Andy Barr Gets the “Who” Very Wrong in His Rolling Thunder Coverage

Andy Barr offered us another fine example of excellence in journalism during his coverage of the Rolling Thunder event on Sunday, in Washington DC. He writes in the first paragraph (emphasis):

Only one advance staffer was on hand to wrangle the fans and reporters hoping to get close to the former vice presidential nominee, who arrived at Sunday’s Rolling Thunder rally on a motorcycle driven by her daughter Willow.

Wait, what?

Willow Palin is 16 years old. The woman who drove Governor Palin to the Vietnam Veterans Memorial looks young, but she certainly looks old enough to vote.

I actually know the name of the woman driving and it isn’t “Willow Palin.” She lives in my city where she does NOT attend High School, but in fact, owns a small business. I’m not going to publish her name here however, due to the fact that she has not released it through any media agency or otherwise in connection with the Rolling Thunder event.

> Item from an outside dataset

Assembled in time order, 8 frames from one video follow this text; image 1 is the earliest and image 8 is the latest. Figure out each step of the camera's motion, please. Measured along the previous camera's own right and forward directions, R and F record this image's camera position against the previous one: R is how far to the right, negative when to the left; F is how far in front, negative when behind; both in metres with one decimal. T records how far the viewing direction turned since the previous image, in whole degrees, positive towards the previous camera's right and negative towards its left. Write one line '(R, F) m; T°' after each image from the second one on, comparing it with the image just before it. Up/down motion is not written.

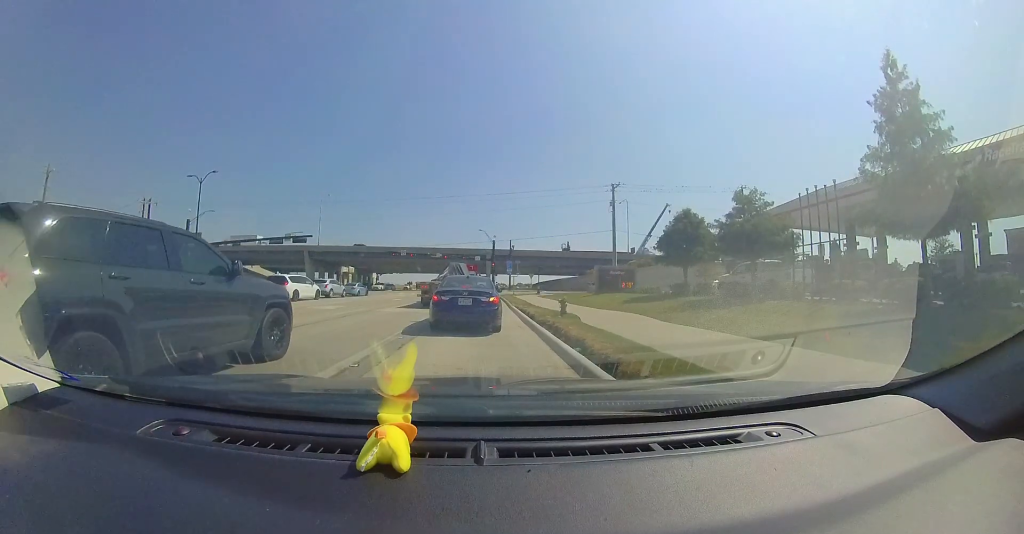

That said, the best part of the Andy Barr piece is that he already posted a correction about who was driving the motorcycle. At the end of the article, he wrote (emphasis):

CORRECTION: An earlier version of this story mistakenly indicated that Sarah Palin was driving a motorcycle when she arrived. Willow Palin was.

He really got this obvious, yet basic fact wrong TWICE!

A San Diegan who is not Willow Palin and Governor Palin riding to the Vietnam Veterans Memorial during Rolling Thunder event in Washington DC, 2011.

I’m not going to launch into some tirade by insinuating some sort of bias on Andy Barr’s part here. Clearly it wasn’t Andy’s, nor his editors political leanings at work here. This is actually the same problem I alluded to the other day when I wrote the piece about ABC’s horrendous reporting. This is pure laziness and sloppiness on the part of Barr and his editors.

It’s bad enough that we as Americans have to deal with the constant diet of bias from the leftist media mills. But when they can’t even get the basic who, what, where, when, why, and how of a story correct, it makes you wonder why they exist at all. We’re accustomed to reading news and filtering out the bias, just to grab on to a fact or two. As it turns out, that might not be a good idea either.